**Assigned task:** Please copy every record below exactly, leaving out the pictures.

**Data entries:**

┄┄┄┄┄┄┄┄┄┄┄┄┄┄┄┄┄┄┄┄

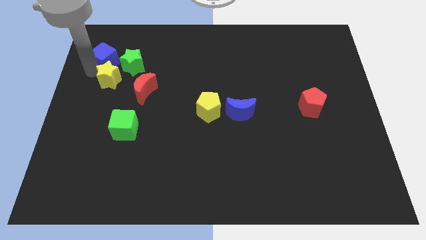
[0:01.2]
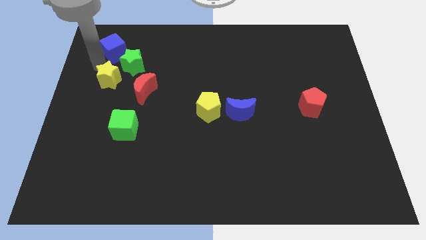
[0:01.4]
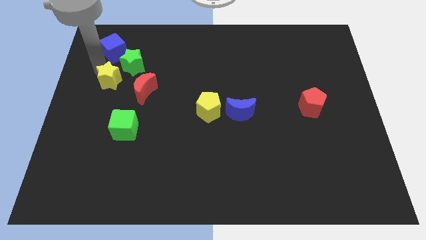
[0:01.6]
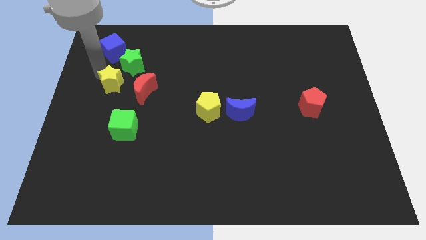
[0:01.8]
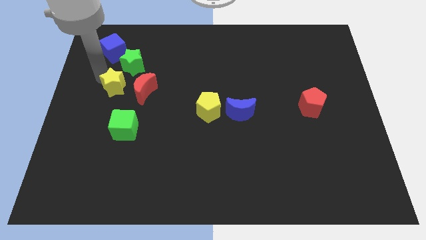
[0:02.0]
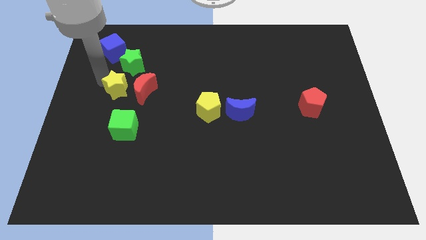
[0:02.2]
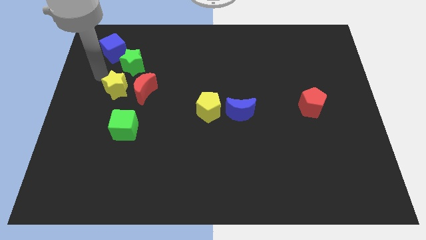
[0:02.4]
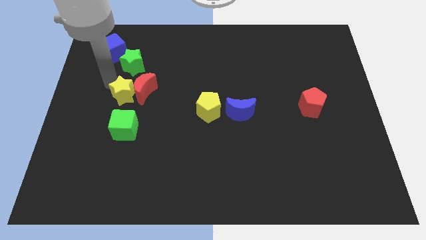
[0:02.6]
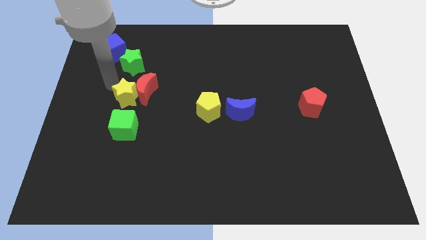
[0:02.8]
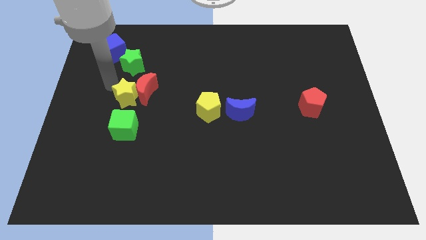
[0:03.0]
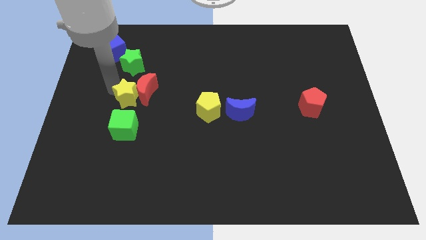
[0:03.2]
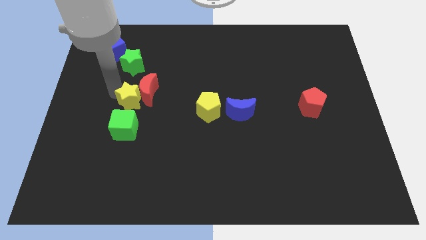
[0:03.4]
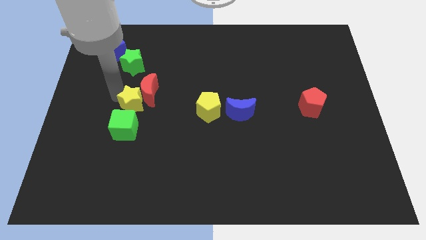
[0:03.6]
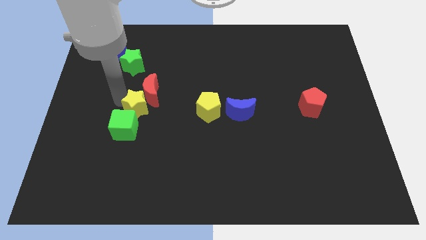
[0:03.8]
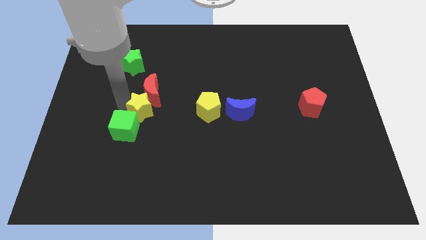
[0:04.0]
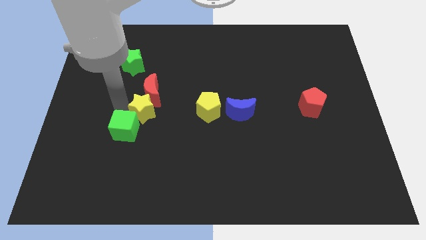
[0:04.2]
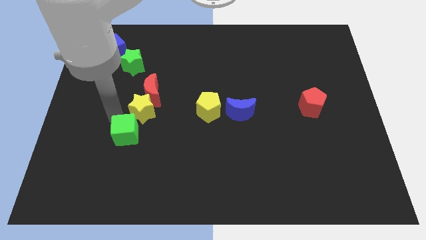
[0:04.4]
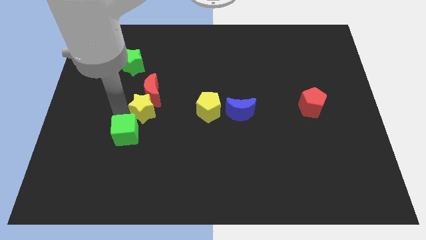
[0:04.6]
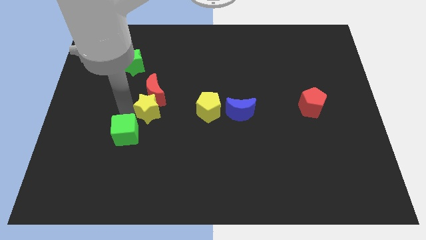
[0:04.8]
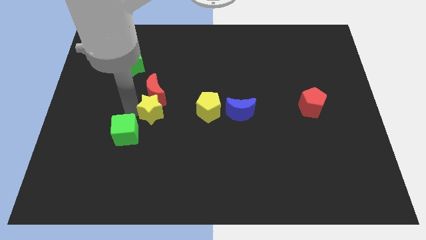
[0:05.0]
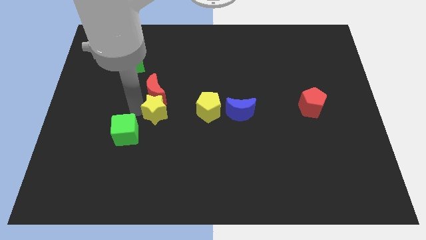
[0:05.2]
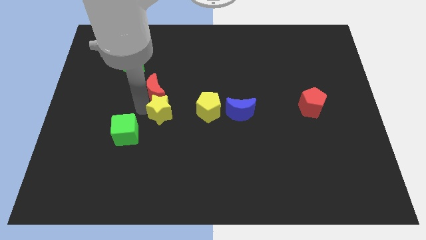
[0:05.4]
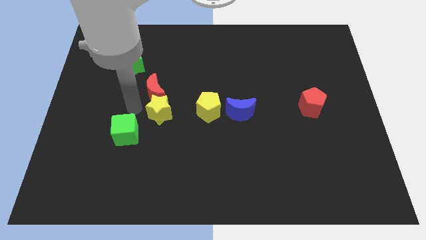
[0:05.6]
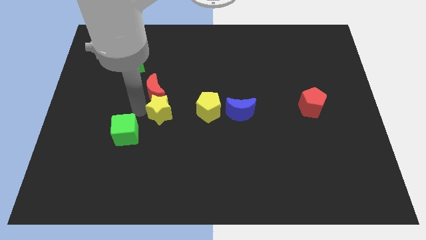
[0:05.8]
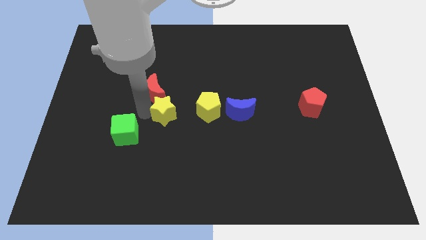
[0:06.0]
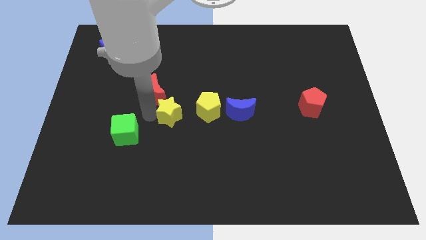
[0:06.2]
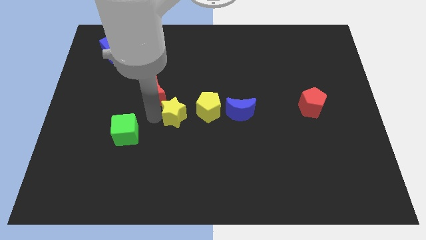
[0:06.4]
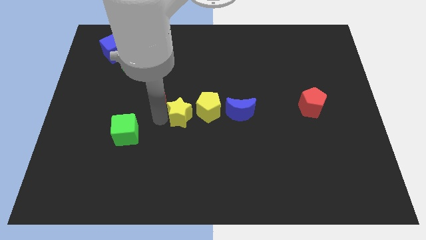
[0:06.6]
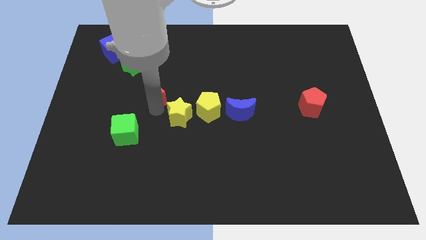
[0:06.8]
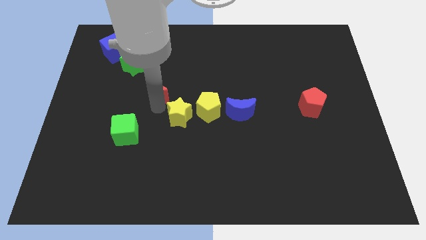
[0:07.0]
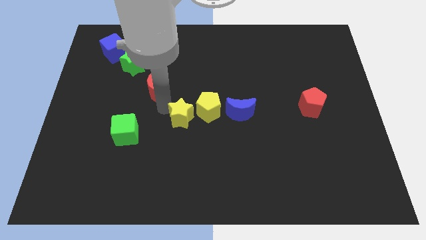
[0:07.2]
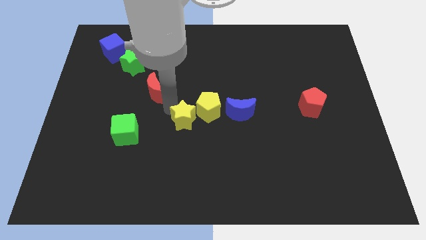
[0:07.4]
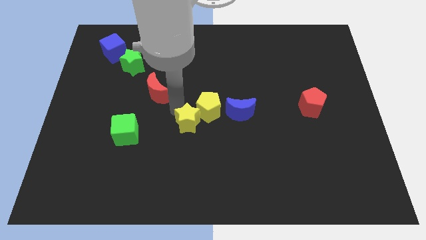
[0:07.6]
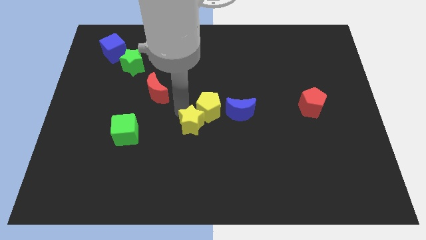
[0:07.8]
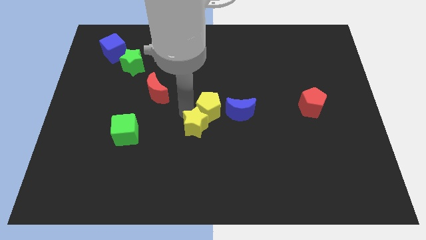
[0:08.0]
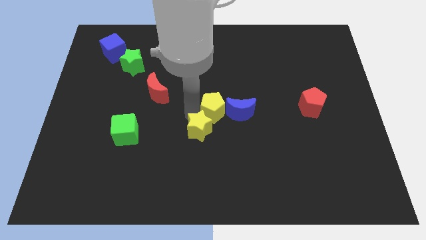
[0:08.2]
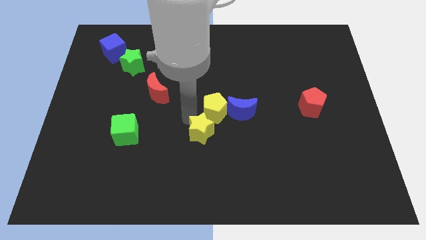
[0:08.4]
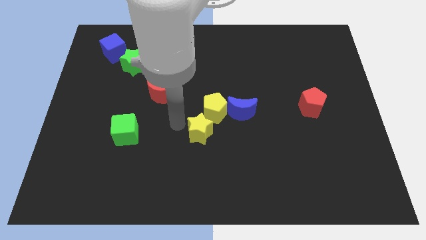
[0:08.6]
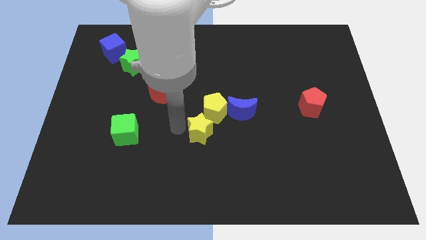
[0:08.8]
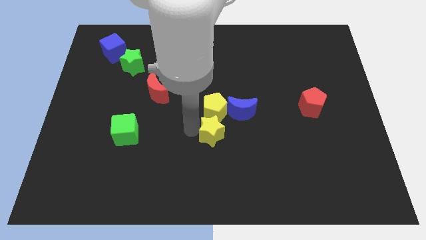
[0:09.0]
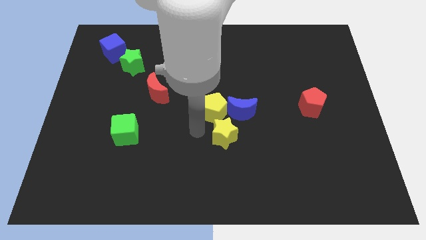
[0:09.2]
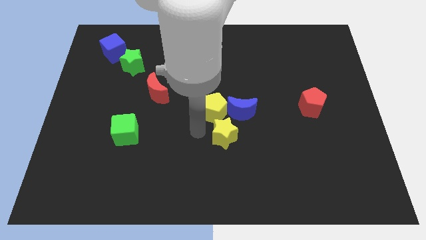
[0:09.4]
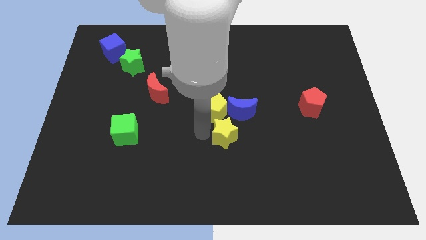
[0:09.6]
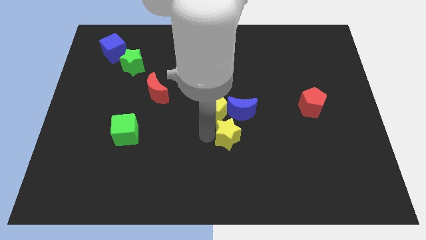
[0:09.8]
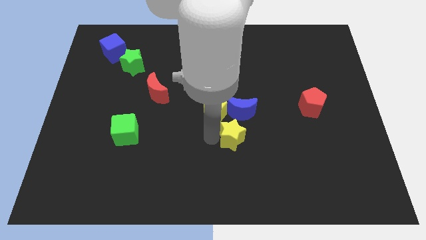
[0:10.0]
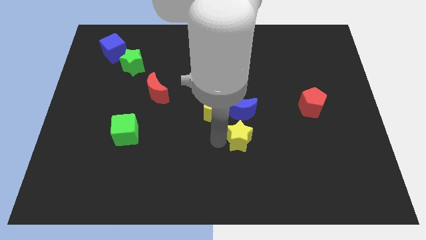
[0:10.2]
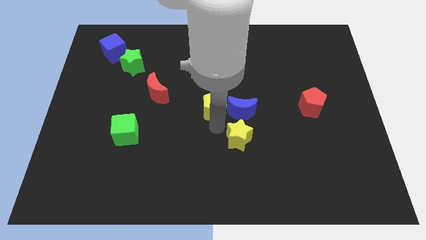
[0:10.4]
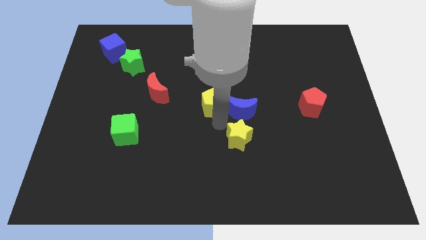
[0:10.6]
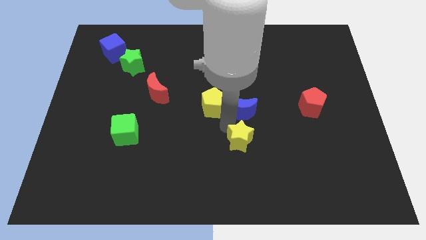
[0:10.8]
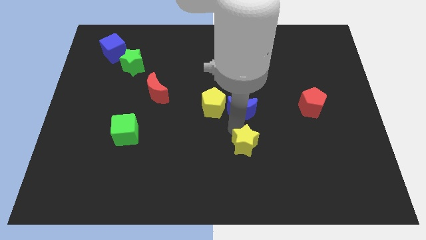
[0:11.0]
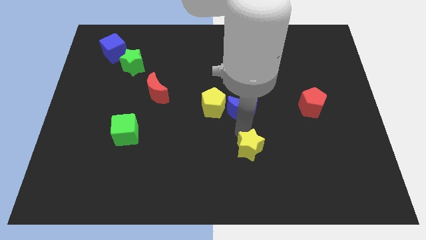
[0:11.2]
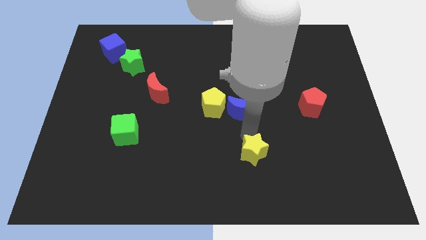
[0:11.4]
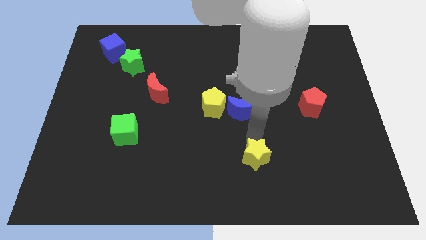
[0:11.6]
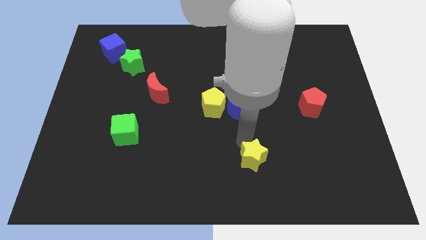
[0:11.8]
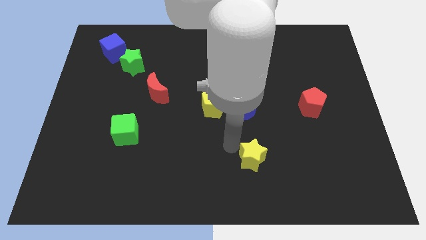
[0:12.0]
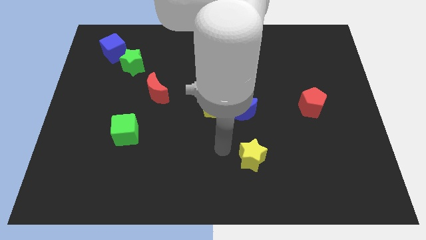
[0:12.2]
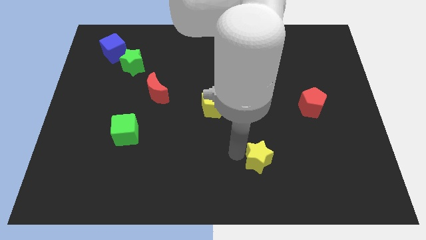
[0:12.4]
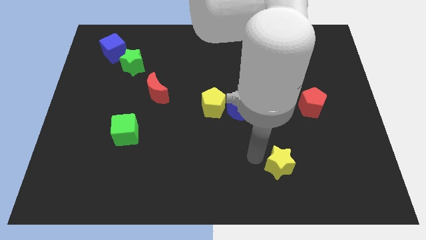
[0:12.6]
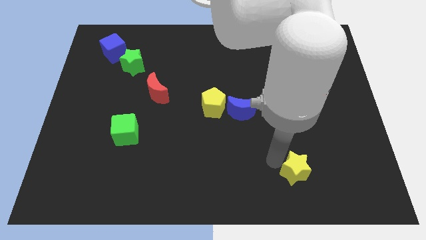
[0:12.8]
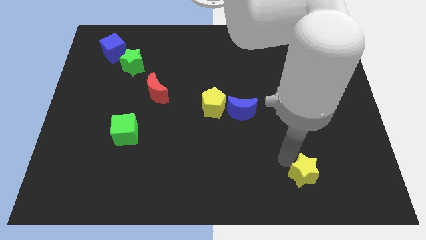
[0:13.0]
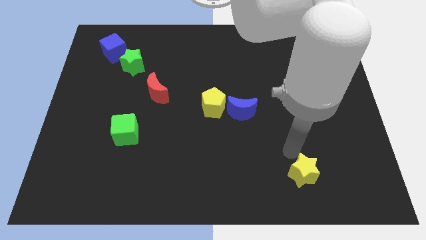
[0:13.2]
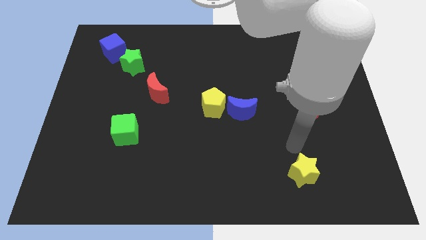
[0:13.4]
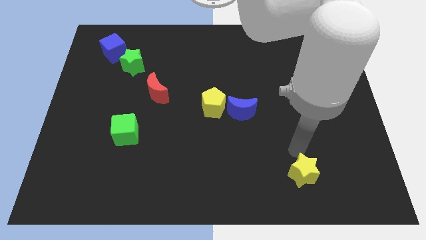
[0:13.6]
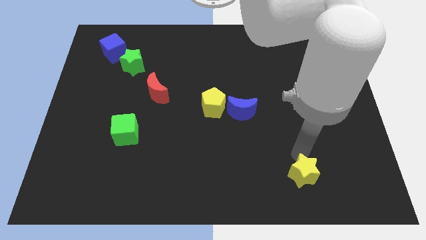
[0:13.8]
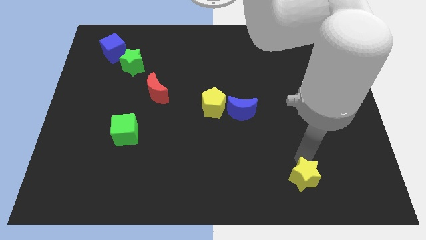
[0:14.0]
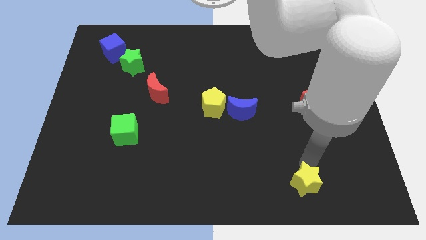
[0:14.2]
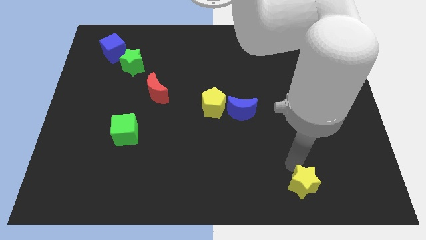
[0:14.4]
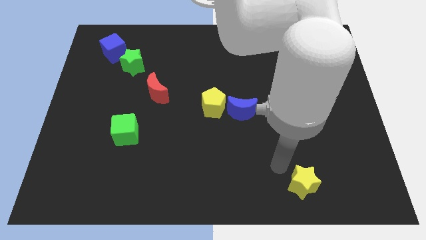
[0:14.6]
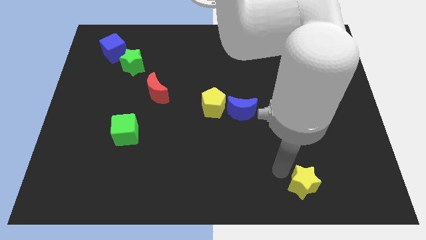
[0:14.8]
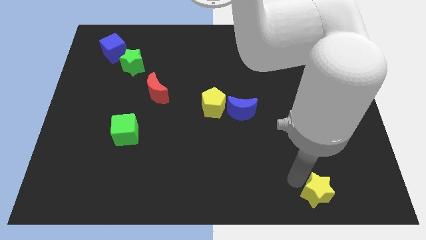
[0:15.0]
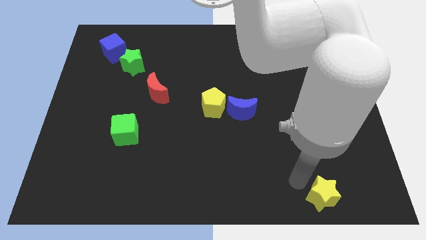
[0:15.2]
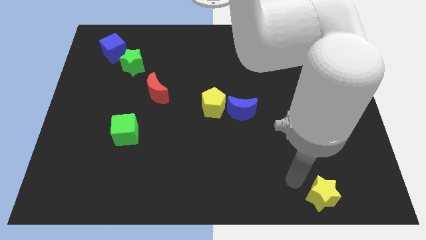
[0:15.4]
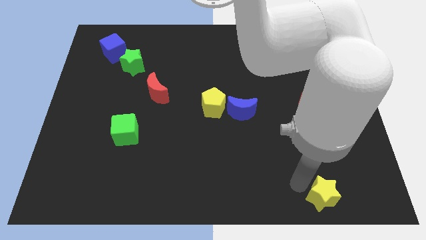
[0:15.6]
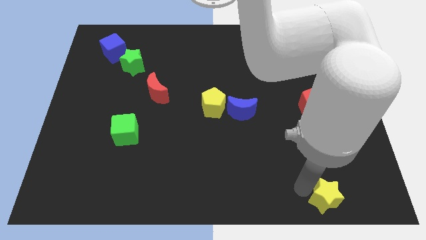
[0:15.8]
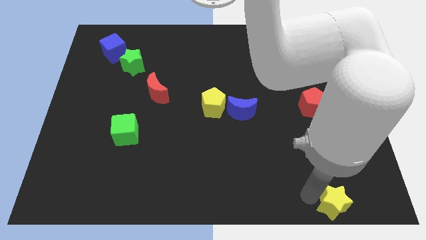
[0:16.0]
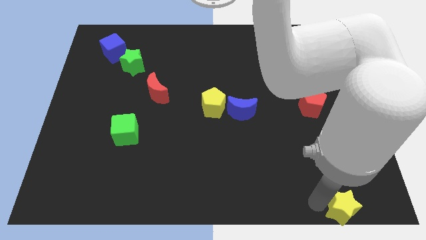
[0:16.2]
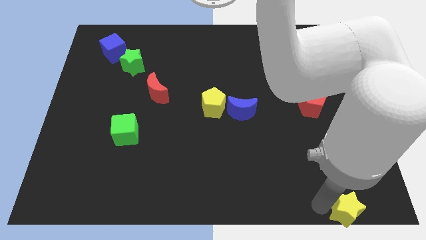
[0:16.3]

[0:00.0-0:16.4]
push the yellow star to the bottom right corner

┄┄┄┄┄┄┄┄┄┄┄┄┄┄┄┄┄┄┄┄

**Response to this exercise:**
[0:01.2]
[0:01.4]
[0:01.6]
[0:01.8]
[0:02.0]
[0:02.2]
[0:02.4]
[0:02.6]
[0:02.8]
[0:03.0]
[0:03.2]
[0:03.4]
[0:03.6]
[0:03.8]
[0:04.0]
[0:04.2]
[0:04.4]
[0:04.6]
[0:04.8]
[0:05.0]
[0:05.2]
[0:05.4]
[0:05.6]
[0:05.8]
[0:06.0]
[0:06.2]
[0:06.4]
[0:06.6]
[0:06.8]
[0:07.0]
[0:07.2]
[0:07.4]
[0:07.6]
[0:07.8]
[0:08.0]
[0:08.2]
[0:08.4]
[0:08.6]
[0:08.8]
[0:09.0]
[0:09.2]
[0:09.4]
[0:09.6]
[0:09.8]
[0:10.0]
[0:10.2]
[0:10.4]
[0:10.6]
[0:10.8]
[0:11.0]
[0:11.2]
[0:11.4]
[0:11.6]
[0:11.8]
[0:12.0]
[0:12.2]
[0:12.4]
[0:12.6]
[0:12.8]
[0:13.0]
[0:13.2]
[0:13.4]
[0:13.6]
[0:13.8]
[0:14.0]
[0:14.2]
[0:14.4]
[0:14.6]
[0:14.8]
[0:15.0]
[0:15.2]
[0:15.4]
[0:15.6]
[0:15.8]
[0:16.0]
[0:16.2]
[0:16.3]

[0:00.0-0:16.4]
push the yellow star to the bottom right corner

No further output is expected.